▽

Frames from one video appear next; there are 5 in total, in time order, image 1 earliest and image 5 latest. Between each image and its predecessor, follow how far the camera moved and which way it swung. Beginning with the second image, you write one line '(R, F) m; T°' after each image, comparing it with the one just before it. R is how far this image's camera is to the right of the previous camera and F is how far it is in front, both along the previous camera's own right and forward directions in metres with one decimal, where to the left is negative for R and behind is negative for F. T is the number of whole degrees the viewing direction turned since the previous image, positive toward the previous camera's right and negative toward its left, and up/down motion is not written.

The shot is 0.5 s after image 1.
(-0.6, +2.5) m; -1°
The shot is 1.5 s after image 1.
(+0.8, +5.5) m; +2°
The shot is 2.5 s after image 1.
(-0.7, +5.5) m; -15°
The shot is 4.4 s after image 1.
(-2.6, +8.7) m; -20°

△
▽

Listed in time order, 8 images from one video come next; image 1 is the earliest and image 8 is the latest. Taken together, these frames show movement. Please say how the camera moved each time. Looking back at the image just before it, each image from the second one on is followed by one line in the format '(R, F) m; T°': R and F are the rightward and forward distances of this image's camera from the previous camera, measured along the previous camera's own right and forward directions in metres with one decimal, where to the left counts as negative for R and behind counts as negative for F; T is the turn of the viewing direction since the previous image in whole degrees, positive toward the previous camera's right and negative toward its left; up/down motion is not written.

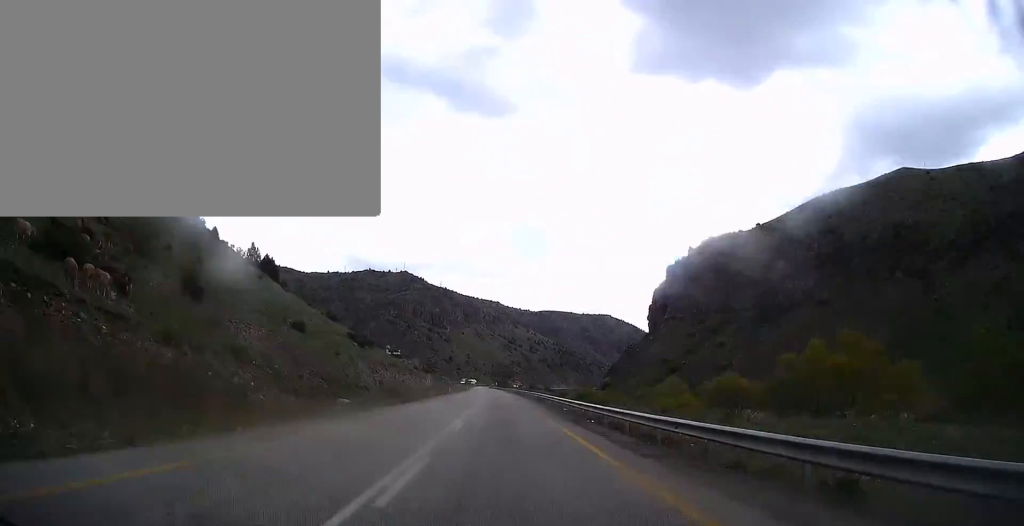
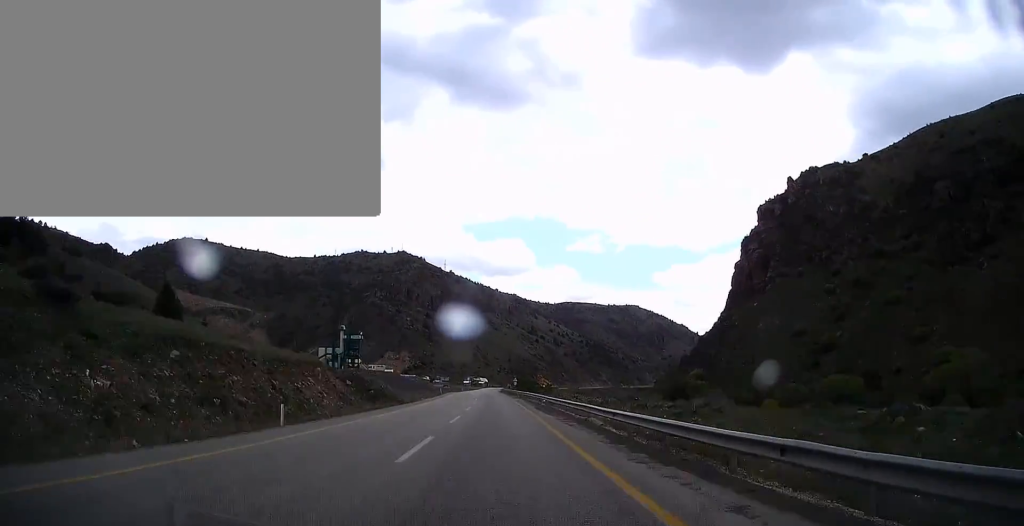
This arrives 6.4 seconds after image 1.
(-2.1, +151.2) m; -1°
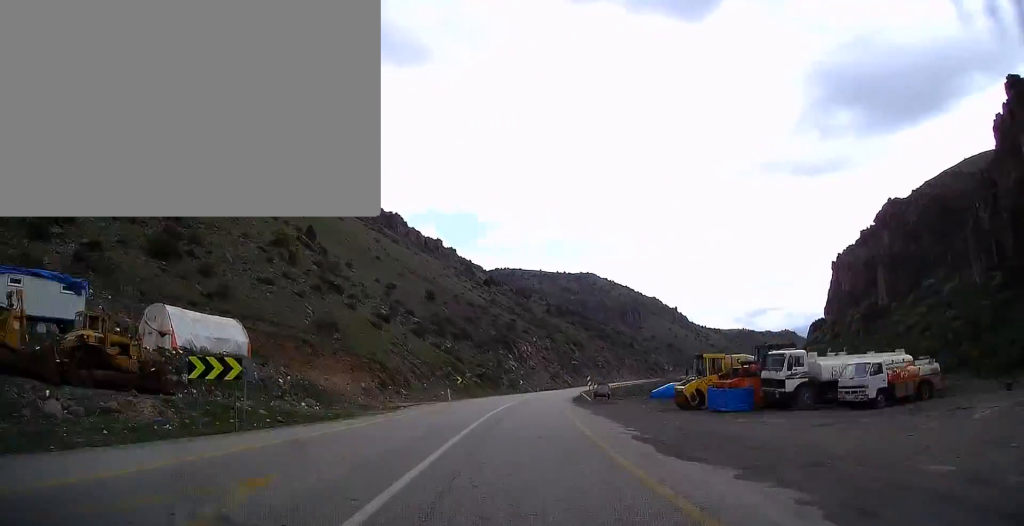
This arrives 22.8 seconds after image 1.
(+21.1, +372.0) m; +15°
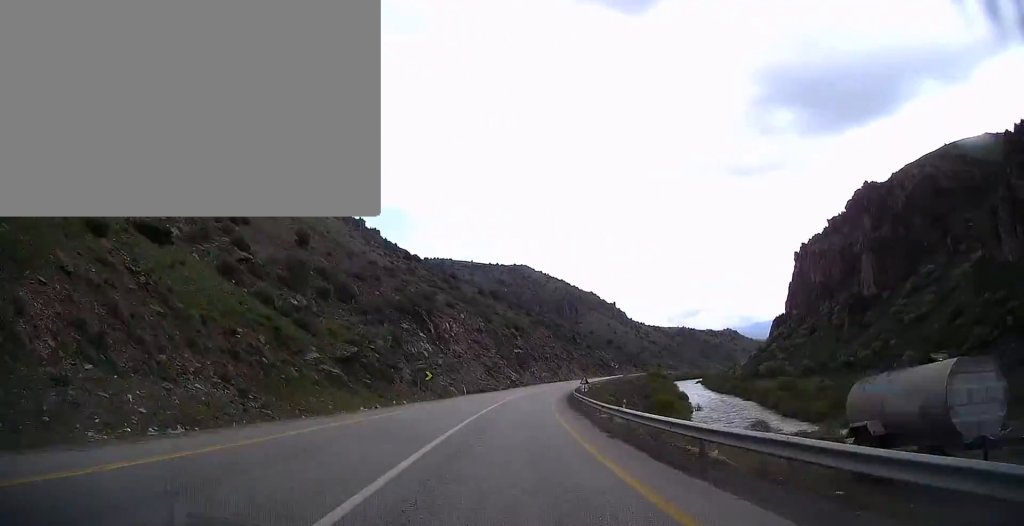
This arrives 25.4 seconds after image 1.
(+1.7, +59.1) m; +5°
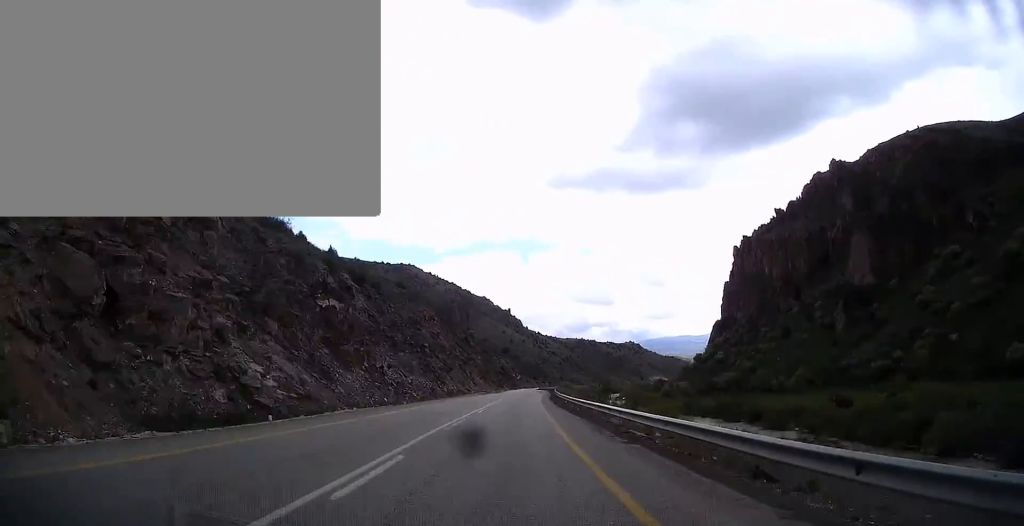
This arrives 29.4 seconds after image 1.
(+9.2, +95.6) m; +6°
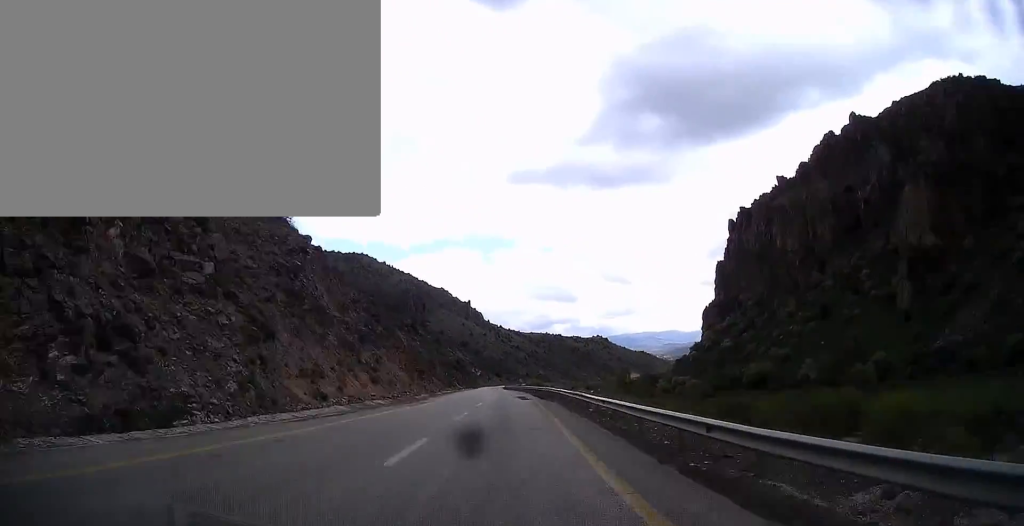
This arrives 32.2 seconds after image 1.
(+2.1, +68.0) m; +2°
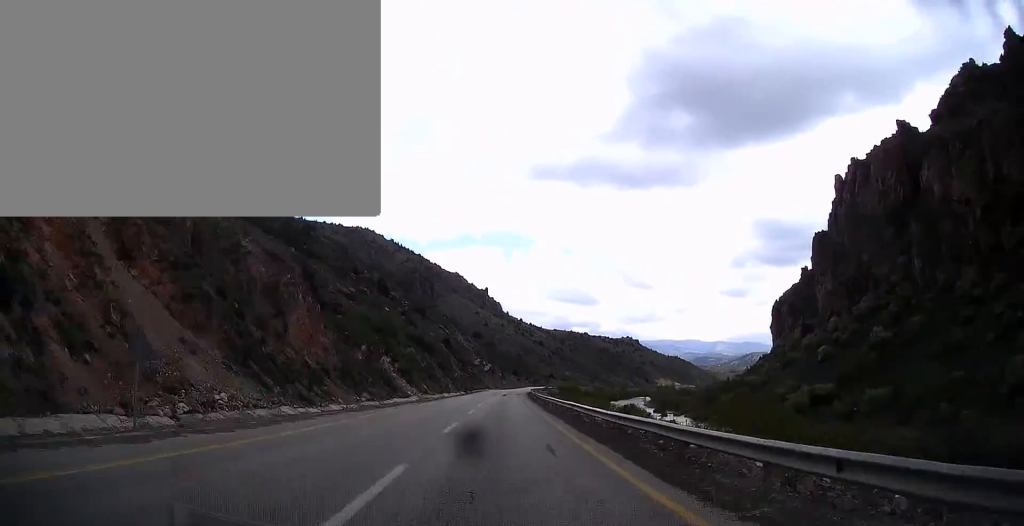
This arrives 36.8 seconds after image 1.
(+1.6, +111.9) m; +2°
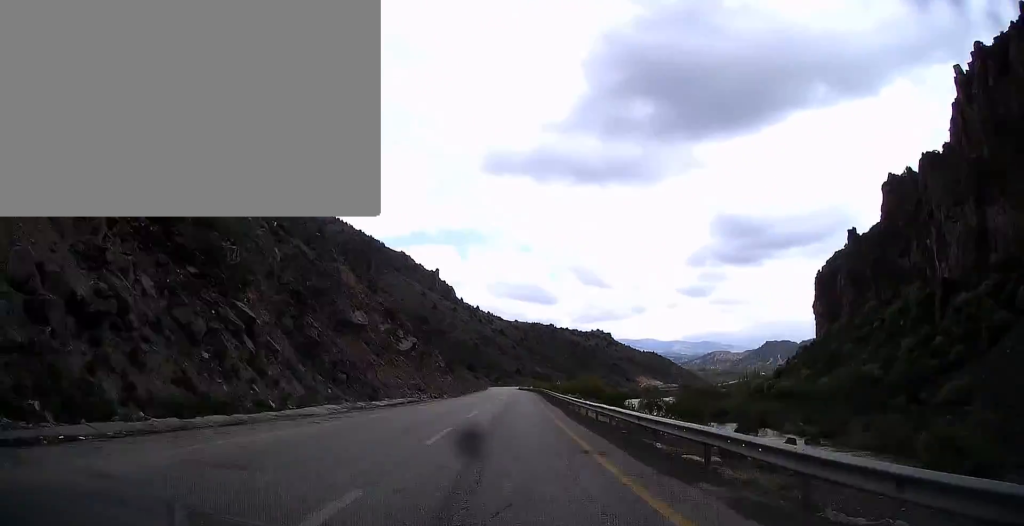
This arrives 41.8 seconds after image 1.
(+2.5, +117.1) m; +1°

△

> [YOUR ASSIGNMENT] Copy out every line from the material above where the string "latest" turns up.

> [YOUR SOLUTION]
Frames from one video appear next; there are 5 in total, in time order, image 1 earliest and image 5 latest. Between each image and its predecessor, follow how far the camera moved and which way it swung. Beginning with the second image, you write one line '(R, F) m; T°' after each image, comparing it with the one just before it. R is how far this image's camera is to the right of the previous camera and F is how far it is in front, both along the previous camera's own right and forward directions in metres with one decimal, where to the left is negative for R and behind is negative for F. T is the number of whole degrees the viewing direction turned since the previous image, positive toward the previous camera's right and negative toward its left, and up/down motion is not written.
Listed in time order, 8 images from one video come next; image 1 is the earliest and image 8 is the latest. Taken together, these frames show movement. Please say how the camera moved each time. Looking back at the image just before it, each image from the second one on is followed by one line in the format '(R, F) m; T°': R and F are the rightward and forward distances of this image's camera from the previous camera, measured along the previous camera's own right and forward directions in metres with one decimal, where to the left counts as negative for R and behind counts as negative for F; T is the turn of the viewing direction since the previous image in whole degrees, positive toward the previous camera's right and negative toward its left; up/down motion is not written.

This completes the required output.